Scanning Electron Microscopy


Published studies indicate that genes and dietary manganese deficiency cause vestibular defects and ataxic behaviors. Manganese deficiency during development causes otoconial defects in mice, rats, guinea pigs, and chicks. Mutant genes cause otoconial defects in mice, mink, and poultry. Manganese supplementation prevents the otoconial defects in some mutant mice and mink. Manganese is essential, before crystallization of the otoconia, for synthesis of mucopolysaccharides and otoconial matrix. Such defects can be induced, after otoconia are crystallized during fetal development, by dietary zinc deficiency and sulfonamide treatment (inhibits carbonic anhydrase, a zinc-requiring enzyme). Manganese and/or zinc supplementation ameliorates otoconial defects in pallid and lethal-milk (zinc-deficient) mice.

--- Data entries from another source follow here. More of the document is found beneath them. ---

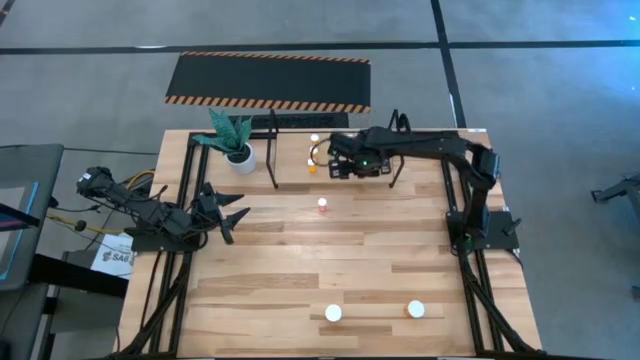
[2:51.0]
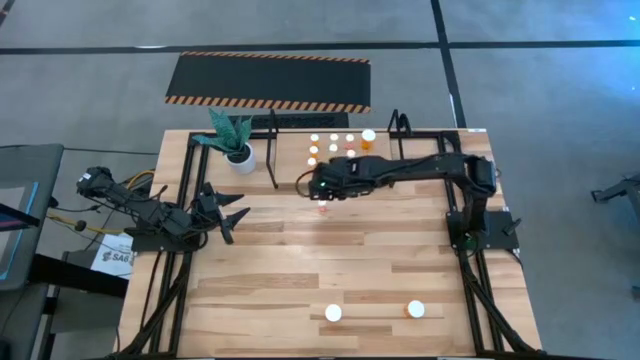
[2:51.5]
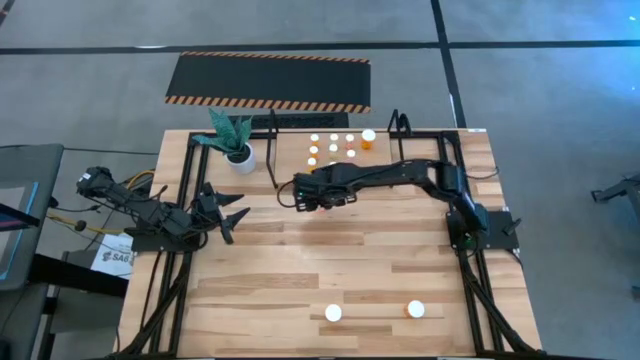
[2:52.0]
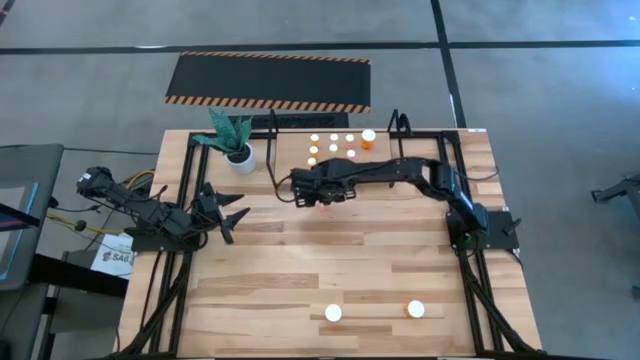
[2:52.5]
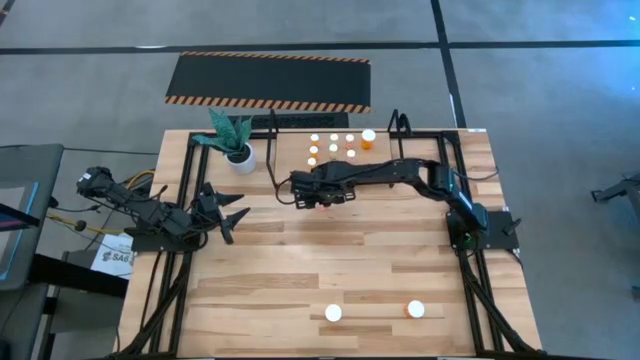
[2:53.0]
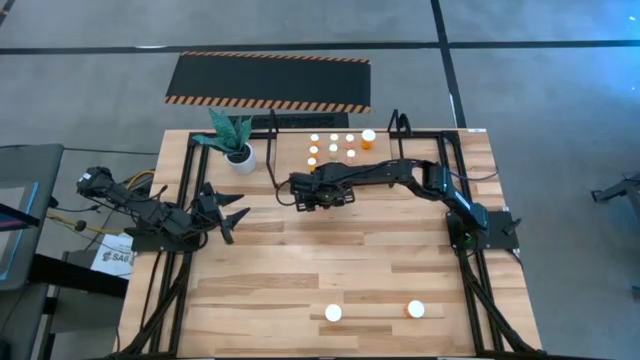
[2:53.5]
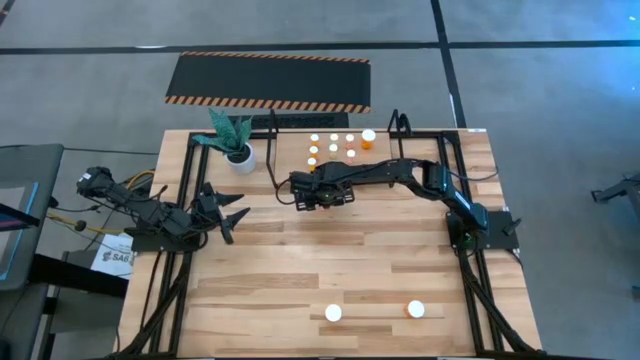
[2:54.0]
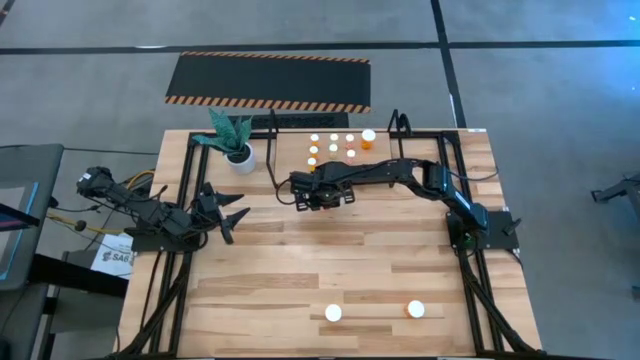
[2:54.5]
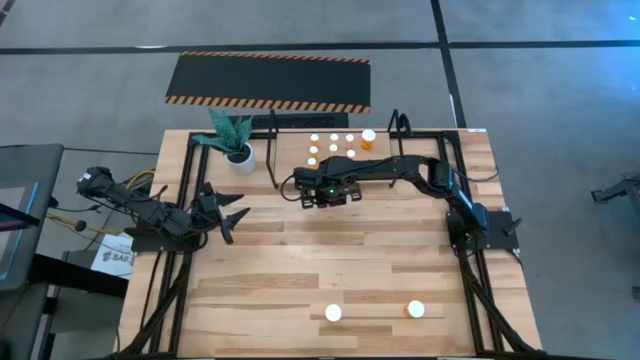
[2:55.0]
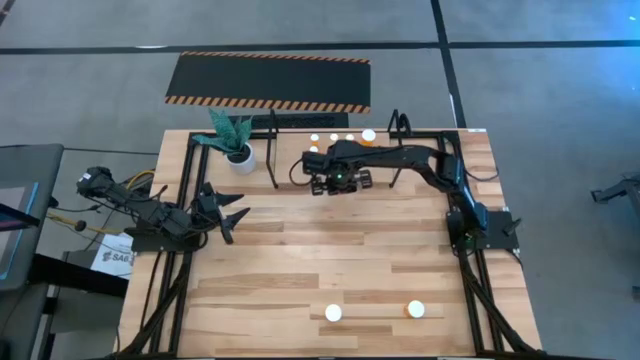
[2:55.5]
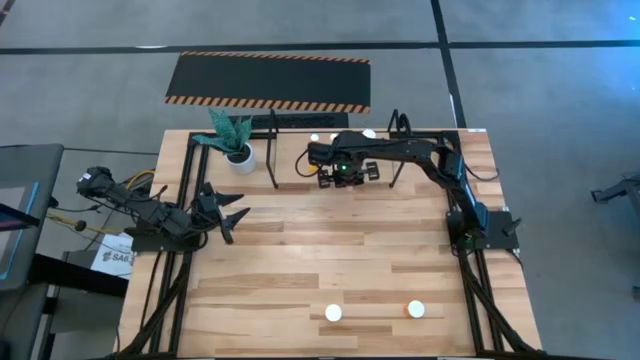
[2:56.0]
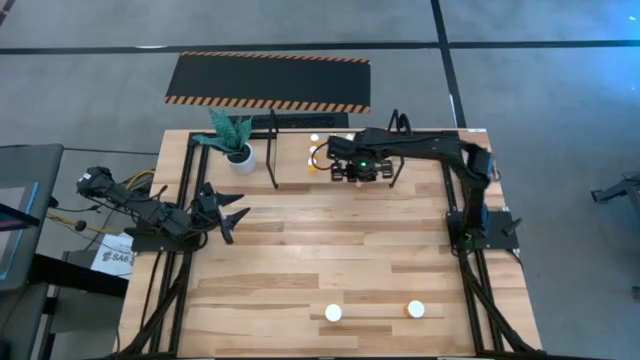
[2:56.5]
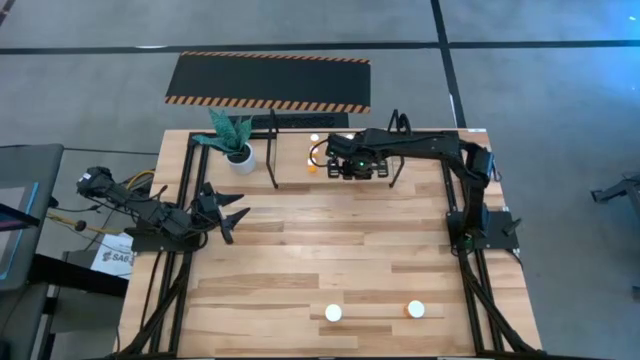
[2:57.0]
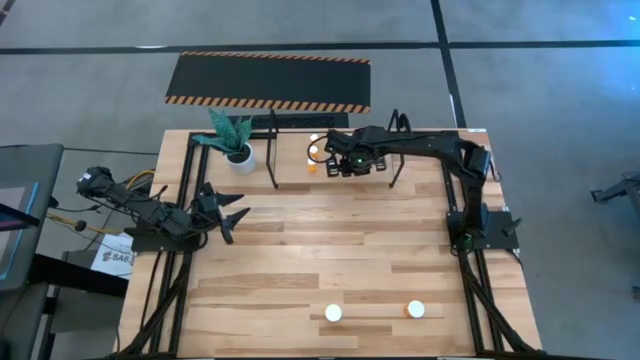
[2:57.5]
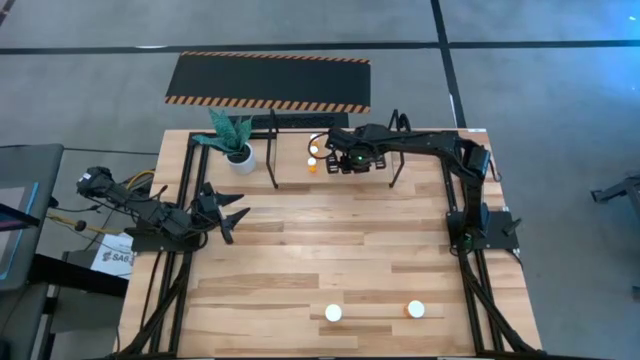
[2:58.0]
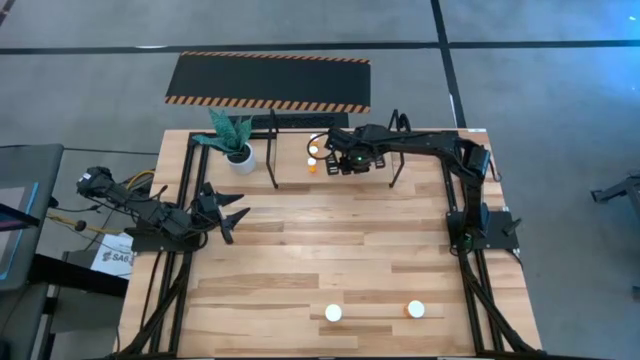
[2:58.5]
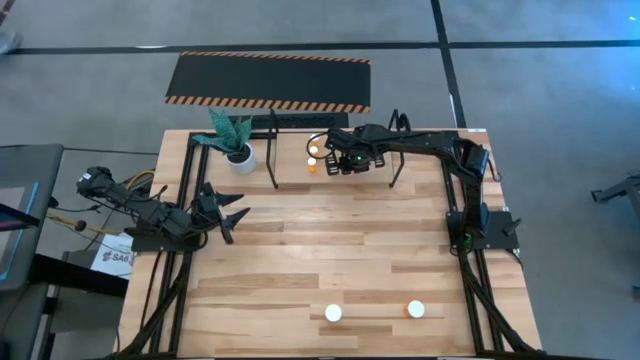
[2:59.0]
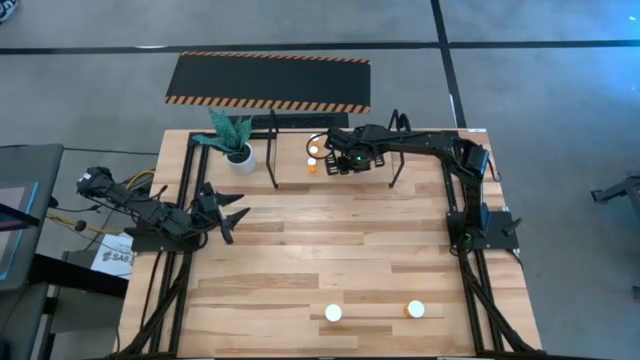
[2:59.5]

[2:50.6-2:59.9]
Task: Pick and place medicine bottles onto shelf by color
Put the small pink pill bottle aligned with the other yellow pill bottles on the shelf

Studies herein show that: 1) Developing otoconia can be quantitatively labeled with 45 Ca. This may provide a means for studying calcium metabolism in otoconia over a prolonged period of time and for determining the possible effects of diet, drugs, and other factors on otoconia. 2) Otoconial defects, induced after otoconia form in the fetus, were observed in newborn mice, but disappeared by two days after birth. Conditions of the inner ear may contribute to the calcification of otoconia. 3) Manganese and zinc supplementation of pallid mice via acidified drinking water is more effective than dietary supplementation in preventing otoconial defects. The effectiveness of zinc but not of manganese is related to ma tern al genotype (+/pa vs. pa/pa). The effect of supplementation of the dams with zinc but not with manganese increases over successive litters. These studies indicate the potential for interaction of genes and trace minerals on otoconial formation and maintenance.